Belonging, kindness and hope: A community approach to suicide prevention

Taygeta Zihwi

September is globally recognised as Suicide Prevention Month, a time when we reflect on the value of life and our collective responsibility to safeguard it. In Zimbabwe, suicide has quietly become a pressing concern, cutting across age, gender and social class. Behind every suicide lies a story of pain, loss of hope, and often, a sense of isolation that could have been eased by stronger family and community bonds.

In years gone by, family ties and community relations were the backbone of Zimbabwean society. Families would rally together in times of crisis, neighbours genuinely cared for one another, and kindness was freely shared. Sadly, those strong bonds are no longer as solid as they once were. Today, many people find themselves more isolated, with relationships increasingly marked by self-interest rather than compassion.

This shift has left vulnerable individuals feeling unseen and unsupported, at the very moment they need connection the most.

Social media, while useful for communication, has also added new pressures. Many people compare themselves to others online, measuring their worth against carefully curated images of success, beauty, or wealth.

This has created a silent struggle where people feel they are falling behind in life. For those with limited financial means, the price of belonging, whether in family, community, or social spaces often feels too high.

They may withdraw, feeling that they do not measure up. On the other hand, those with money are not spared; they may be surrounded by people whose concern is not genuine, leaving them equally lonely despite outward appearances of success. Both extremes can fuel hopelessness, erode self-esteem, and contribute to suicidal thoughts.

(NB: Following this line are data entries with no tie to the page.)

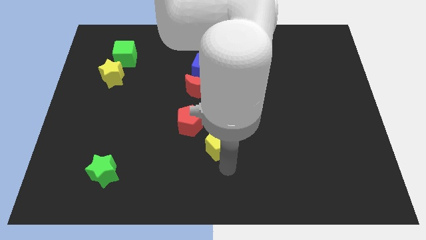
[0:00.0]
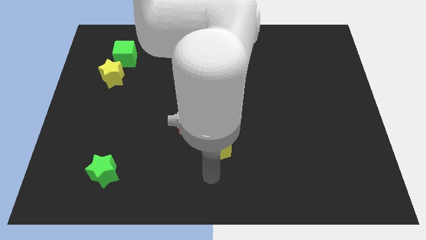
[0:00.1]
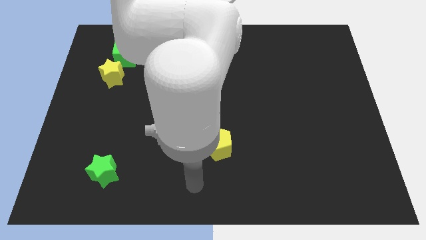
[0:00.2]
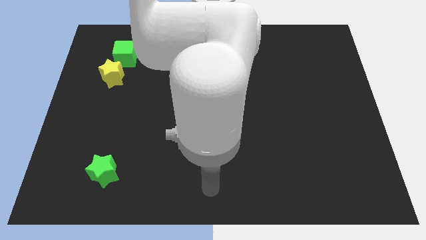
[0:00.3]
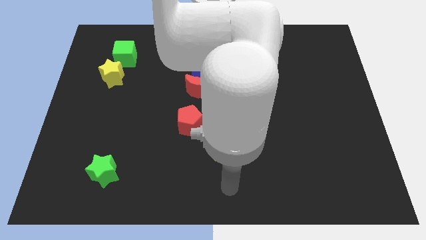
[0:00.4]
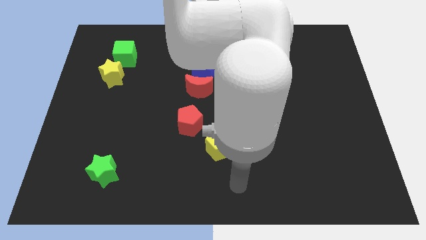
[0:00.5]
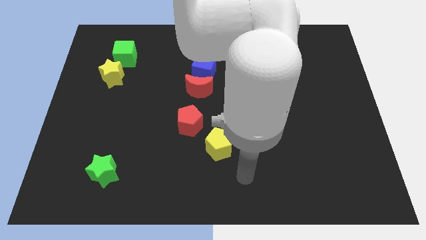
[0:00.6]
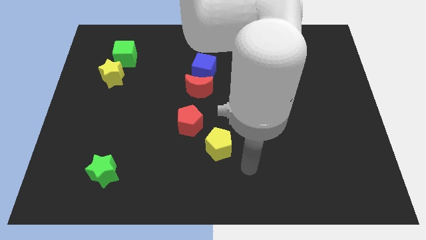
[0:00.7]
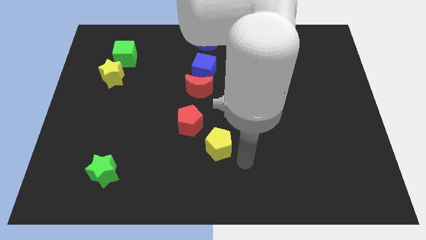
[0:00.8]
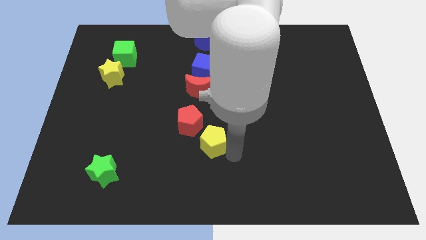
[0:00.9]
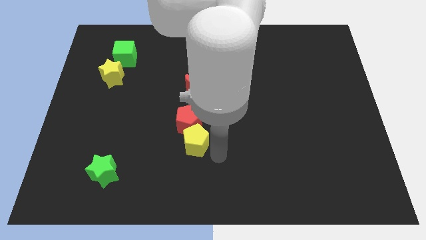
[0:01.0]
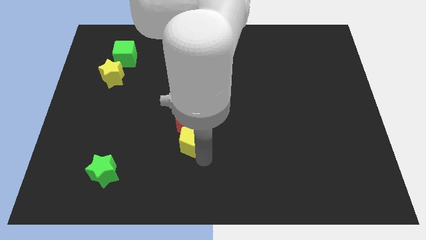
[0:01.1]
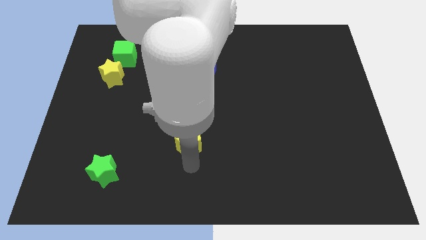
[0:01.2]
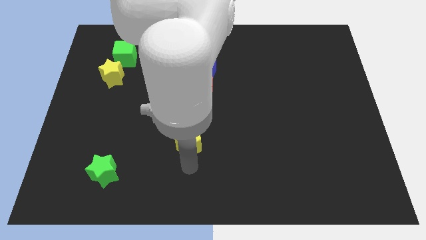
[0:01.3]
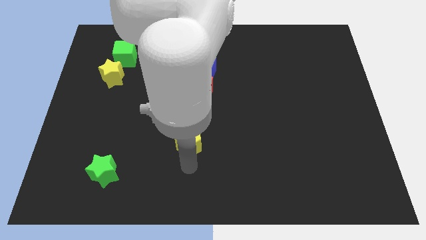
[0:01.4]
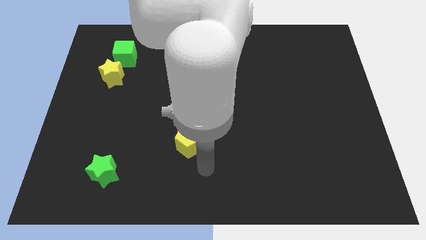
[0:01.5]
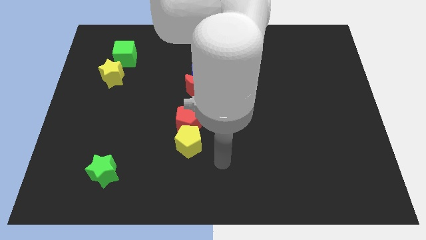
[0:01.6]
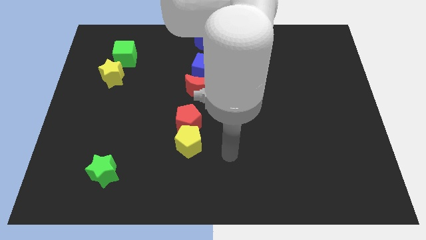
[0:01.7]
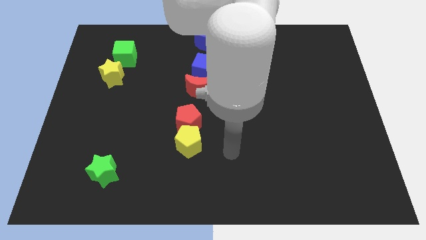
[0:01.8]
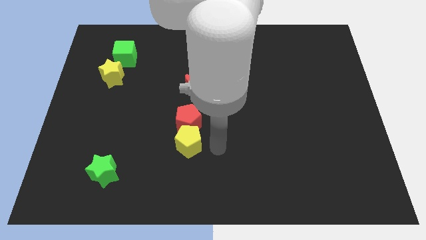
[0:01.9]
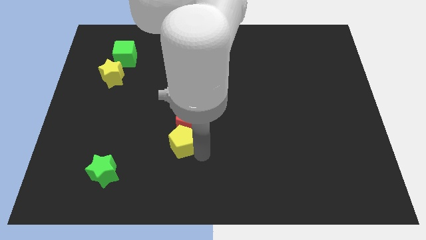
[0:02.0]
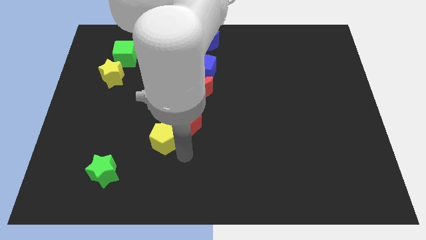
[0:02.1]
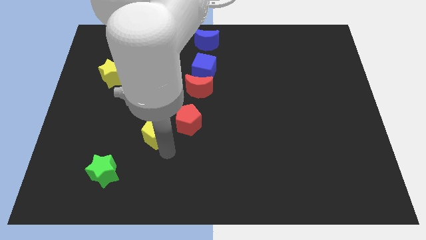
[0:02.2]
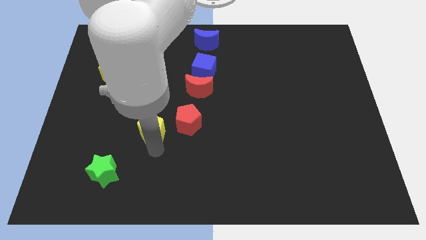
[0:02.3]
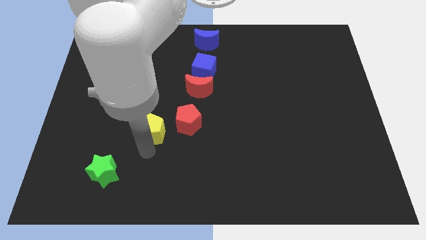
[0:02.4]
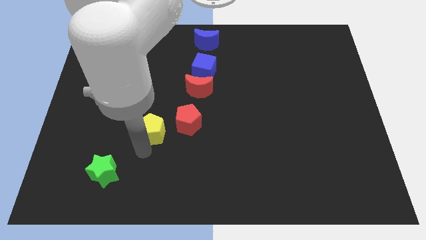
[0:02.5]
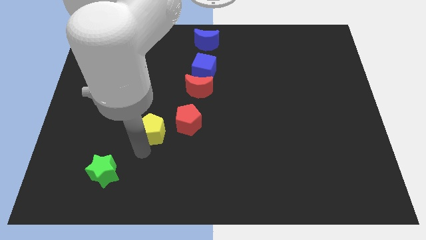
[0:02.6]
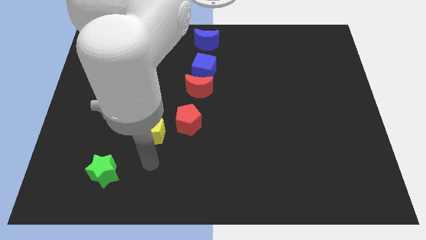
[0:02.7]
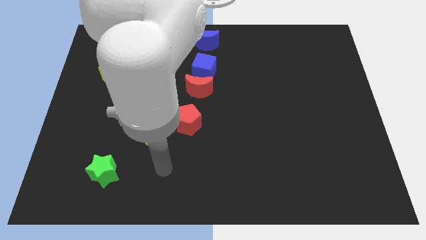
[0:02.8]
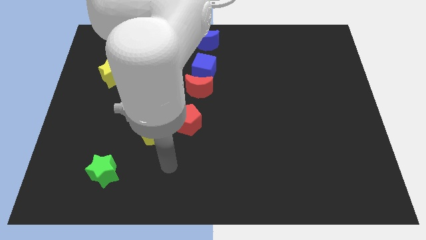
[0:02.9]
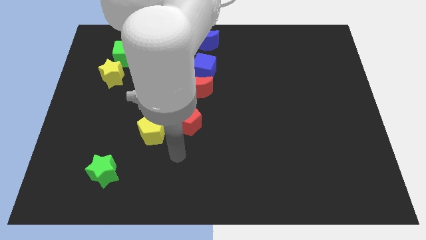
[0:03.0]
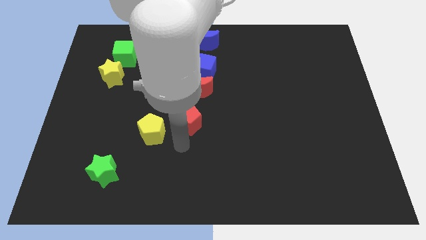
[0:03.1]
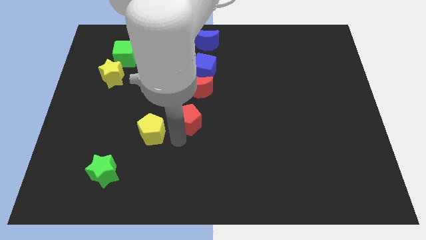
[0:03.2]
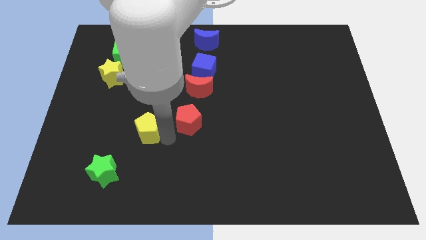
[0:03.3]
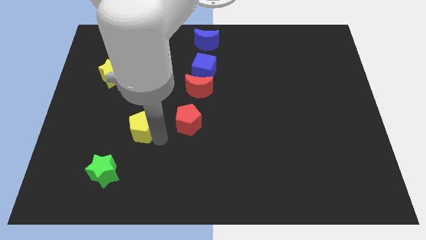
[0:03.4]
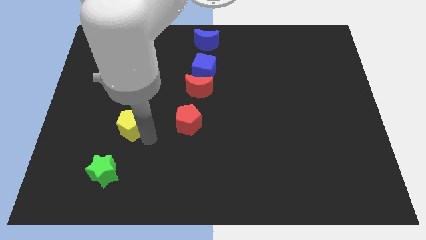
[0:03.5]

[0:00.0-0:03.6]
push the yellow pentagon left to the red pentagon

As a community psychologist, I believe suicide prevention begins with restoring the essence of Ubuntu, the spirit of humanity towards one another. Communities must re-learn the value of kindness, empathy, and listening without judgment.

Conversations about mental health should no longer be hidden in whispers; they must be normalised in homes, churches, schools and workplaces. Identifying warning signs such as sudden withdrawal, expressions of hopelessness, or drastic changes in behaviour should become a collective skill, not just the role of health professionals.

Teachers, pastors, nurses, and community leaders can serve as gatekeepers, offering basic support and linking people to professional care.

Equally important is the need to strengthen access to genuine, affordable, and preferably free support systems.

In a country where many face economic challenges, knowing where to find counselling, helplines, or community programmes at no cost can make the difference between despair and hope.

We must ensure that help is not reserved for those who can afford it, but is available to all, regardless of social or financial status.

Suicide is not an individual issue; it is a community concern. It reflects not only personal struggles but also the social fabric in which people live.

By advocating for stronger mental health services, promoting open dialogue, rebuilding trust within families, and choosing kindness over self-interest, we can create a safer and more supportive Zimbabwe.

This Suicide Prevention Month, let us recommit ourselves to the simple but powerful acts of care: checking in on others, listening with empathy and offering hope.

Each life matters, and together, through compassion and collective action, we can prevent suicide and restore the bonds that make us stronger as a people.